The Diary of Merer (also known as Papyrus Jarf) is the name for papyrus logbooks written over 4,500 years ago by Merer, a middle-ranking official with the title inspector (sḥḏ, sehedj). They are the oldest known papyri with text, dating to the 26th year[1] of the reign of Pharaoh Khufu (reigned in the early 26th century BC, estimated c. 2589 – c. 2566 BC[2][3][4]) during the Fourth Dynasty of Egypt.[5] The text, written with (hieratic) hieroglyphs, mostly consists of lists of the daily activities of Merer and his crew. The best preserved sections (Papyrus Jarf A and B) document the transportation of white limestone blocks from the Tura quarries to Giza by boat.

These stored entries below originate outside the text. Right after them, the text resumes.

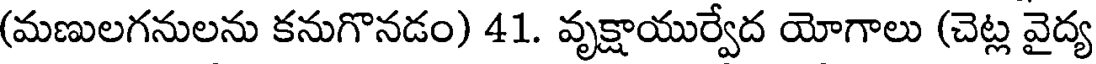
(మణులగనులను కనుగొనడం) 41. వృక్షాయుర్వేద యోగాలు (చెట్ల వైద్య
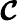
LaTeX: \boldsymbol{\mathcal{C}}
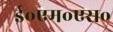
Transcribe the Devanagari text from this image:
ई॰एम॰एस॰
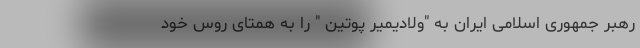
رهبر جمهوری اسلامی ایران به "ولادیمیر پوتین " را به همتای روس خود
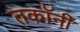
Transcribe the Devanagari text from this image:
तकॉनी
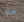
ماذا
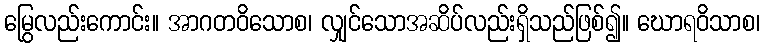
မြွေလည်းကောင်း။ အာဂတဝိသောစ၊ လျှင်သောအဆိပ်လည်းရှိသည်ဖြစ်၍။ ဃောရဝိသာစ၊
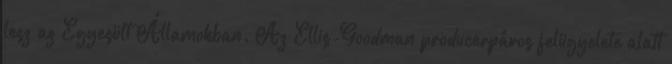
lesz az Egyesült Államokban. Az Ellis-Goodman producerpáros felügyelete alatt
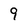
Character: 9
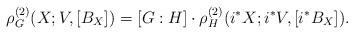
LaTeX: \begin{align*}\rho^{(2)}_G(X; V, [B_X]) = [G:H] \cdot \rho^{(2)}_H(i^*X; i^*V,[i^* B_{ X}]).\end{align*}
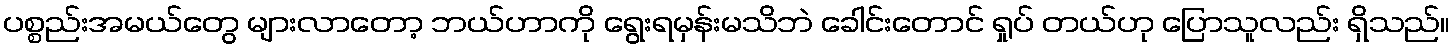
ပစ္စည်းအမယ်တွေ များလာတော့ ဘယ်ဟာကို ရွေးရမှန်းမသိဘဲ ခေါင်းတောင် ရှုပ် တယ်ဟု ပြောသူလည်း ရှိသည်။
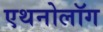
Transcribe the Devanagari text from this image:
एथनोलॉग
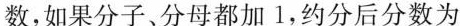
数，如果分子、分母都加1，约分后分数为
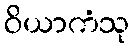
ဝိယာကံသု
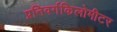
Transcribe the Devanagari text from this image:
प्रतिवर्गकिलोमीटर
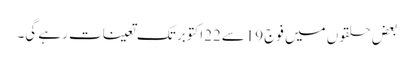
بعض حلقوں میں فوج 19سے22اکتوبر تک تعینات رہے گی۔
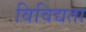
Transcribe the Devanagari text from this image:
विविद्यता
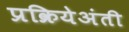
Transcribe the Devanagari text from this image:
प्रक्रियेअंती
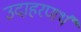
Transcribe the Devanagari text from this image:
उदाहरणर्थ
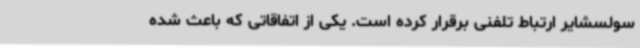
سولسشایر ارتباط تلفنی برقرار کرده است. یکی از اتفاقاتی که باعث شده
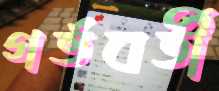
গর্ভবর্তী
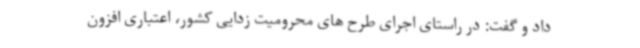
داد و گفت: در راستای اجرای طرح های محرومیت زدایی کشور، اعتباری افزون
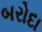
બરોદા
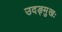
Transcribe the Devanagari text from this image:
उदङ्मुखः
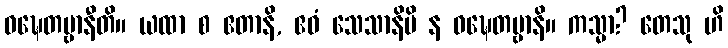
ဝဍ္ဎေတဗ္ဗာနီတိ။ ယထာ စ ဧတာနိ, ဧဝံ သေသာနိပိ န ဝဍ္ဎေတဗ္ဗာနိ။ ကသ္မာ? တေသု ဟိ
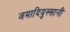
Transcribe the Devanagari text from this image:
जमादियुस्सानी
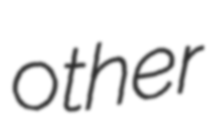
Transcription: other
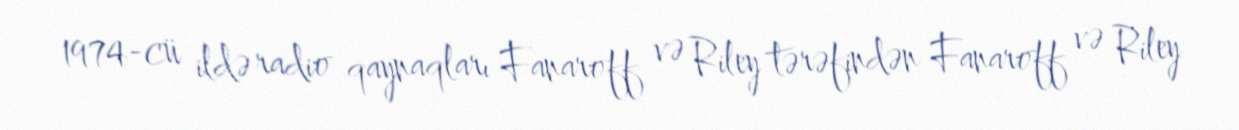
1974-cü ildə radio qaynaqları Fanaroff və Riley tərəfindən Fanaroff və Riley
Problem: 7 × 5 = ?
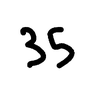
Handwritten answer: 35
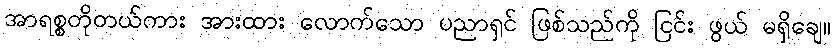
အာရစ္စတိုတယ်ကား အားထား လောက်သော ပညာရှင် ဖြစ်သည်ကို ငြင်း ဖွယ် မရှိချေ။
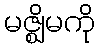
မဇ္ဈိမကို
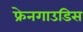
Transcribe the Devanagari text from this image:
फ्रेनगाउडिस
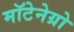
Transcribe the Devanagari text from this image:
मॉटेनेग्रो
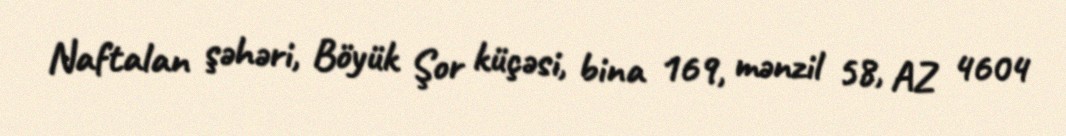
Naftalan şəhəri, Böyük Şor küçəsi, bina 169, mənzil 58, AZ 4604
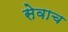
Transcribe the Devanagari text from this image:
सेवाच
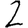
Digit: 2
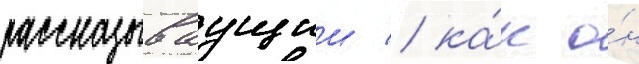
рассказываущии / ка́к о́н
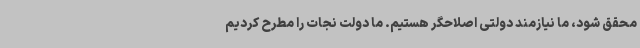
محقق شود، ما نیازمند دولتی اصلاحگر هستیم. ما دولت نجات را مطرح کردیم
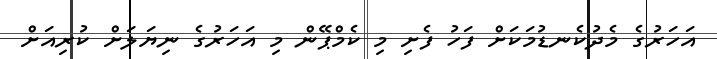
އަހަރުގެ މެދުކެނޑުމަކަށް ފަހު ފެށި މި ކެމްޕޭން މި އަހަރުގެ ނިޔަލަށް ކުރިއަށް
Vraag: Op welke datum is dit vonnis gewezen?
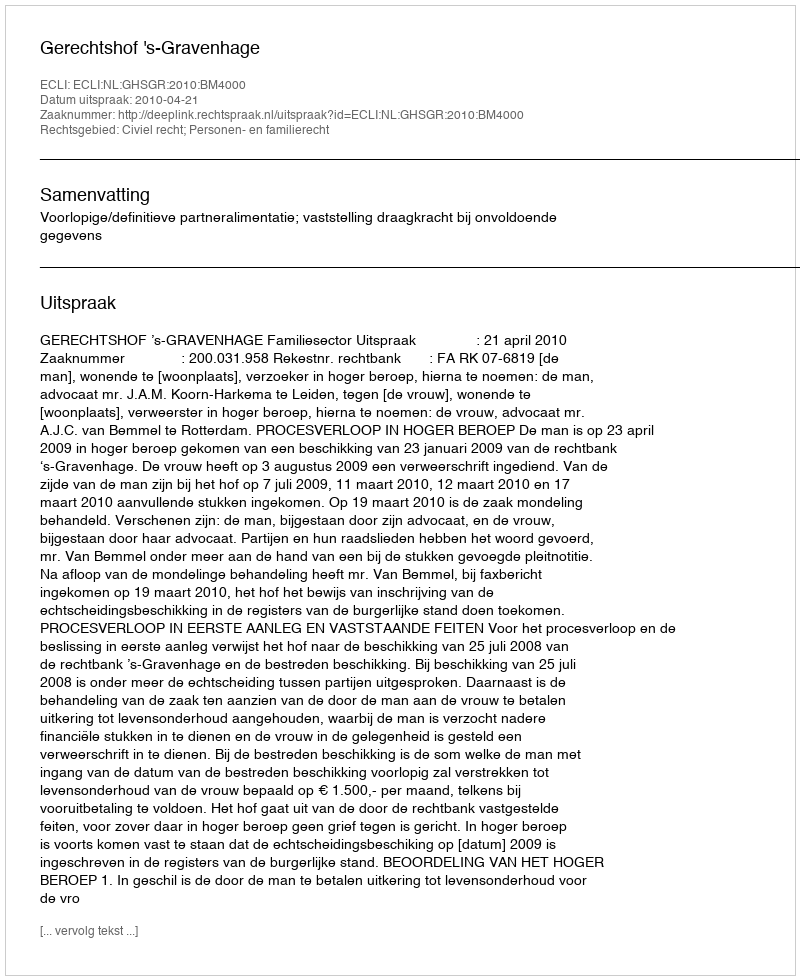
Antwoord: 2010-04-21
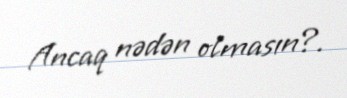
Ancaq nədən olmasın?.
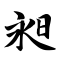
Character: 昶
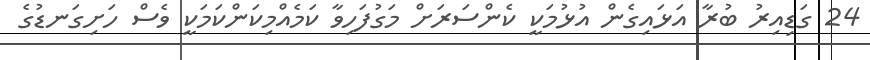
24 ގަޑިއިރު ބުރާ އަޅައިގެން އުޅުމަކީ ކެންސަރަށް މަގުފަހިވާ ކަމެއްމިކަންކަމަކީ ވެސް ހަށިގަނޑުގެ
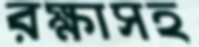
রক্ষাসহ
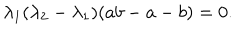
\lambda _ { 1 } ( \lambda _ { 2 } - \lambda _ { 1 } ) ( a b - a - b ) = 0 .
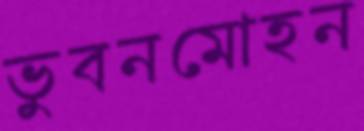
ভুবনমোহন
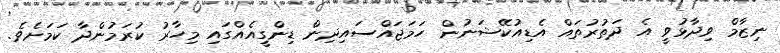
ނިޒާމް ވިދާޅުވީ އެ ދަތުރުތައް އެޑިއުކޭޝަނުން ހަމަޖައްސައިދިން ޑިންގީއެއްގައި މިހާރު ކުރަމުންދާ ކަމަށެވެ.
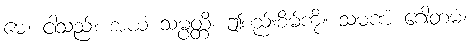
မေ၊ ငါသည်။ အယံ သမ္ပတ္တိ၊ ဤစည်းစိမ်ကို။ သမဏံ ဂေါတမံ၊
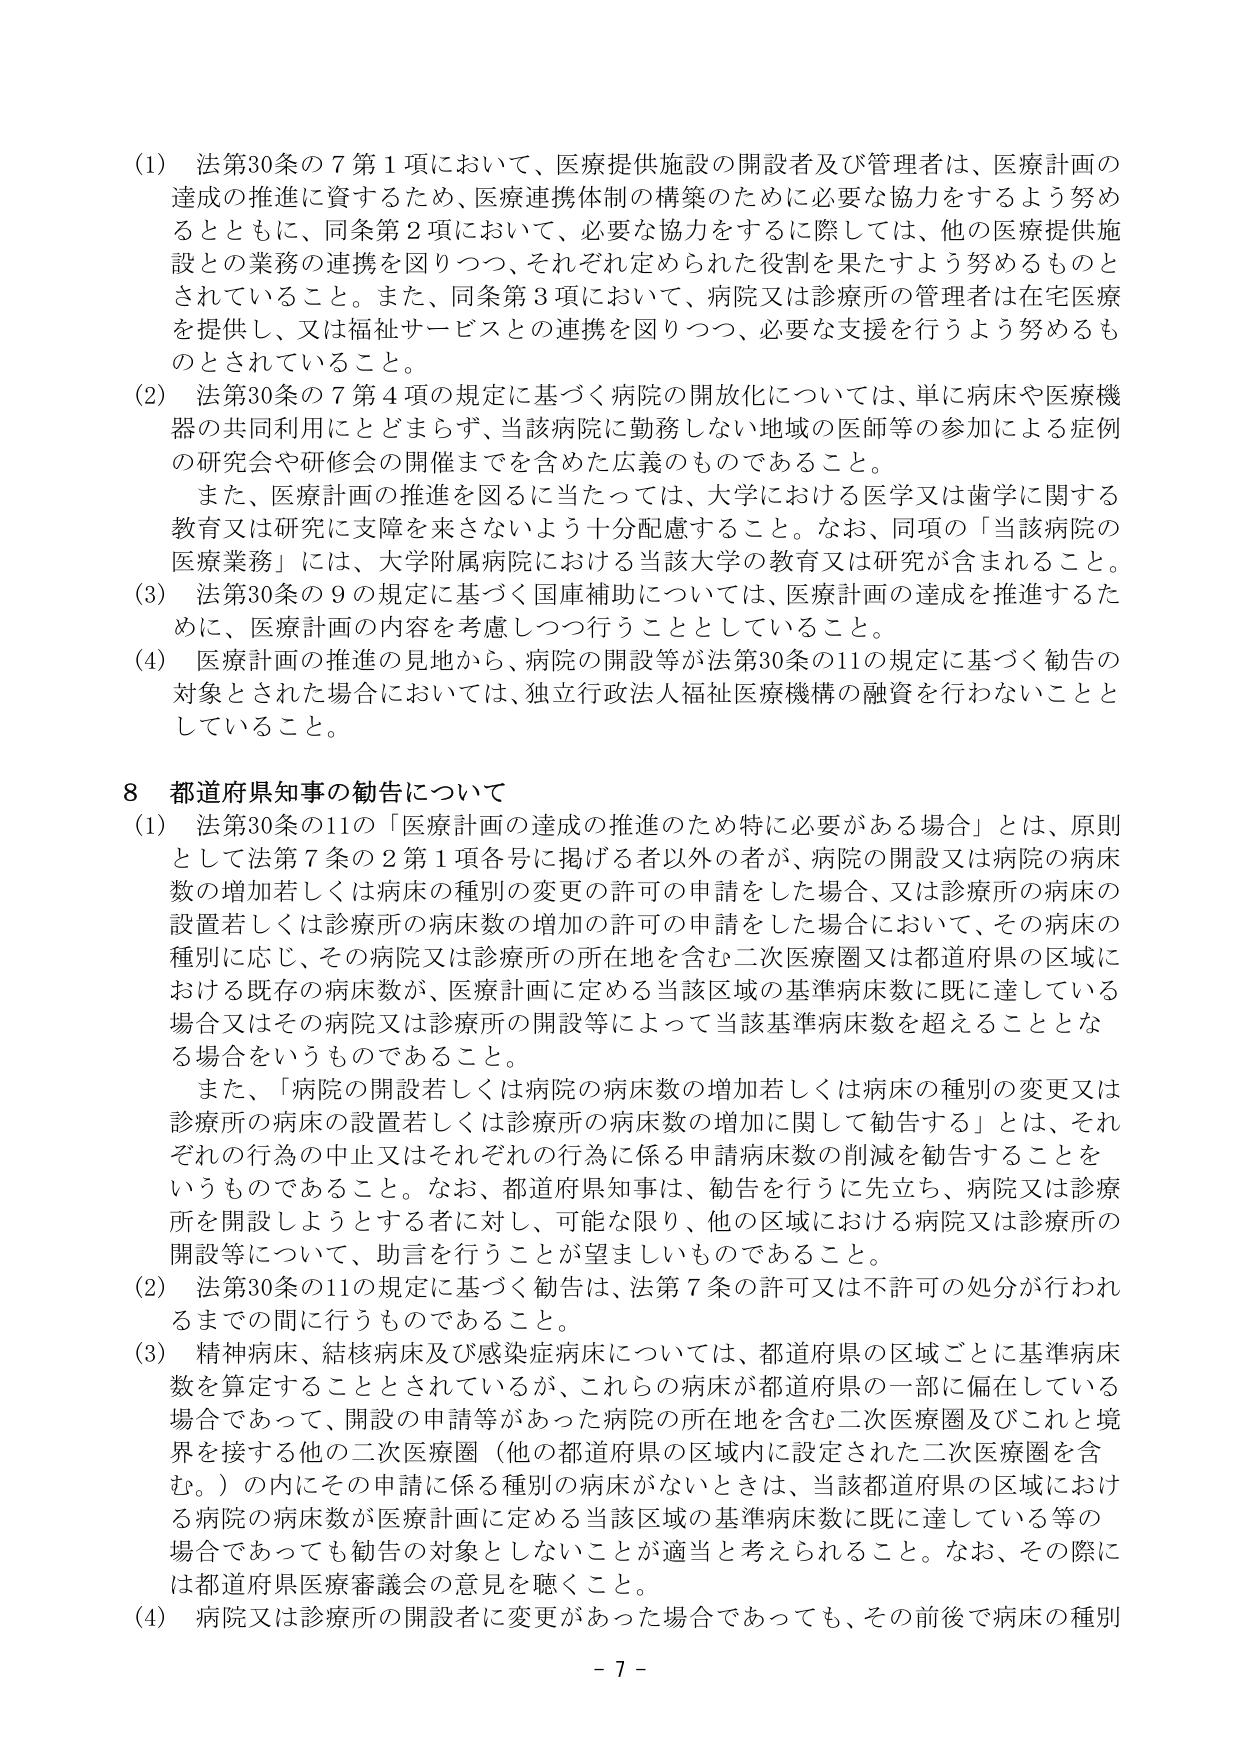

Buried in front of man-made caves that served to store the boats at Wadi al-Jarf on the Red Sea coast, the papyri were found and excavated in 2013 by a French mission under the direction of archaeologists Pierre Tallet of Paris-Sorbonne University and Gregory Marouard.[6][7][8][9] A popular account on the importance of this discovery was published by Pierre Tallet and Mark Lehner, calling the corpus "Red Sea scrolls"[10] (an allusion to the Dead Sea Scrolls).
The Egyptian archaeologist Zahi Hawass describes the Diary of Merer as "the greatest discovery in Egypt in the 21st century."[5] Parts of the papyri are exhibited at the Egyptian Museum in Cairo.[11]